MaxStorage does not set any limit, it only informs the point at which GC should run when auto-gc is enabled. when enable, it will delete everything non-pinned.

Try ipfs cid format -b base32upper -f '%M' QmPFLZYMsVVCgdKwrLC1FxKRQcZHb6A3kNrzMuivJTWDfF, which does base32upper encoding on the multihash bytes of a CID.

However I’m not sure what is the point of interacting with low-level flatfs datastore. You can check if a block is present with ipfs --offline block stat <cid> too.

Because /11635.json is a named link in the original CID, you would need to decode the protobuf data referenced by the original CID, find out the CID of /11635.json and test that.
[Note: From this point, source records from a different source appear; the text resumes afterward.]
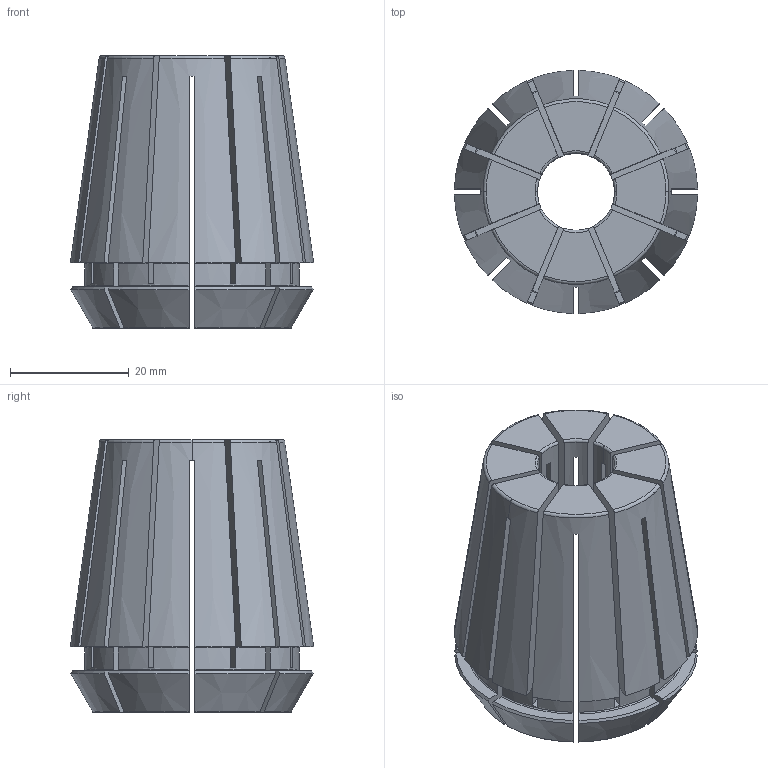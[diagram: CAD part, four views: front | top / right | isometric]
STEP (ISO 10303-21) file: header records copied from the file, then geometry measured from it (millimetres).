
FILE_DESCRIPTION(('HOOPS Exchange Step'),'2;1');
FILE_NAME('export-9D18E841-9D2F-4022-96A6-5686E0298B0C.stp','2022-02-06T13:26:56+01:00',('Engineering'),('Alibre'),'HOOPS Exchange 2021.0','Alibre','Unknown authorisation');
FILE_SCHEMA( ('AP242_MANAGED_MODEL_BASED_3D_ENGINEERING_MIM_LF {1 0 10303 442 1 1 4 }') );
Length unit declared in the file: millimetre
Products named in the file (1): 5831 Single ER 40 Collet 13.00mm Swiss Quality
Bounding box: 40.99 x 40.99 x 46 mm (x, y, z)
Volume: 34145.2 mm3; surface area: 22986.3 mm2
Topology: 1 solids, 1 shells, 184 faces, 548 edges, 364 vertices
Faces by surface type: plane 88, torus 60, cone 26, cylinder 10
Entity records: 7779 total; most frequent: CARTESIAN_POINT 2970, ORIENTED_EDGE 1096, DIRECTION 952, EDGE_CURVE 548, AXIS2_PLACEMENT_3D 378, VERTEX_POINT 364, VECTOR 196, LINE 196

Or you can ipfs --offline block stat <cid>/whatever.json which does it too.

Great, thanks, at least something is sorted.
So, the ipfs cmd for ‘Cid to Ds key’ conversion is
ipfs cid format -b base32upper -f '%M' <cid>

I have tried it with just -f %M option, so need to also specify -b base32upper, ok.

I just wanted to edit the initial message, to indicate that I have tried commands to check if a cid is present locally, but they returned an error, as it was blocked by Akismet SPAM bot…

So here is how it looks for me now:

.ipfs/blocks #  ipfs cid format -b base32upper -f '%M' QmPFLZYMsVVCgdKwrLC1FxKRQcZHb6A3kNrzMuivJTWDfF
CIQA272DMOWSAP3RBQQJESHRQWMQM76EAHLAD2XUDXWRMFVKZLLPDYQ
.ipfs/blocks #  ll DY/CIQA272DMOWSAP3RBQQJESHRQWMQM76EAHLAD2XUDXWRMFVKZLLPDYQ.data 
-rw------- 1 root root 585 Jan  5 03:17 DY/CIQA272DMOWSAP3RBQQJESHRQWMQM76EAHLAD2XUDXWRMFVKZLLPDYQ.data
.ipfs/blocks #   ipfs --offline block stat QmPFLZYMsVVCgdKwrLC1FxKRQcZHb6A3kNrzMuivJTWDfF
Error: block was not found locally (offline): ipld: could not find QmPFLZYMsVVCgdKwrLC1FxKRQcZHb6A3kNrzMuivJTWDfF

And I still do not understand the ‘/whatever.json’ case as on local filesystem its always CIQWHATEVER.data

I can’t explain that, unless ipfs daemon is running with a different, non-root user or something, and reading from a datastore in a different location.

<cid>/whatever.json resolves to a single CID. You need to resolve the path first and then you have the cid of the corresponding block.

I have found that the issue was that IPFS_PATH was not set so it was looking into ~/.ipfs.

I remember to have found some documentation (maybe some --help for a Kubo command) that describes how a local blocks filesystem is created, but can’t find it back now.
I remember it was referencing to how Github organises its file system: using 1 level directories with 2 characters.
For example from hash CIQA272DMOWSAP3RBQQJESHRQWMQM76EAHLAD2XUDXWRMFVKZLLPDYQ, it takes DY as 2 characters from the last 3 characters and puts it into directory .blocks/DY/CIQA272DMOWSAP3RBQQJESHRQWMQM76EAHLAD2XUDXWRMFVKZLLPDYQ.data
But where can I find this documentation, so I can write a script that could convert a hash to filesystem path.
Is directory to be always first 2 characters from the 3 last ones?

UPDATE: I have found a quite comprehensive description at Understanding the filenames inside .ipfs/blocks/ on how do you convert from CIDv0 to blocks filesystem CIDv1, then to actual filename and vice verca.
The documentation I was looking for is found in .ipfs/blocks/_README

It also mentions that bigger files are being split into several blocks.

My idea was to make symlinks over the pinned files to pretend them like just normal local files. This is because this domain/path is being already configured to be cached by Cloudflare when caching a separate IPFS node might be problematic because of possible many undesired/unpinned files.

The symlink method perfectly works but according to Reddit article will not work properly for bigger files.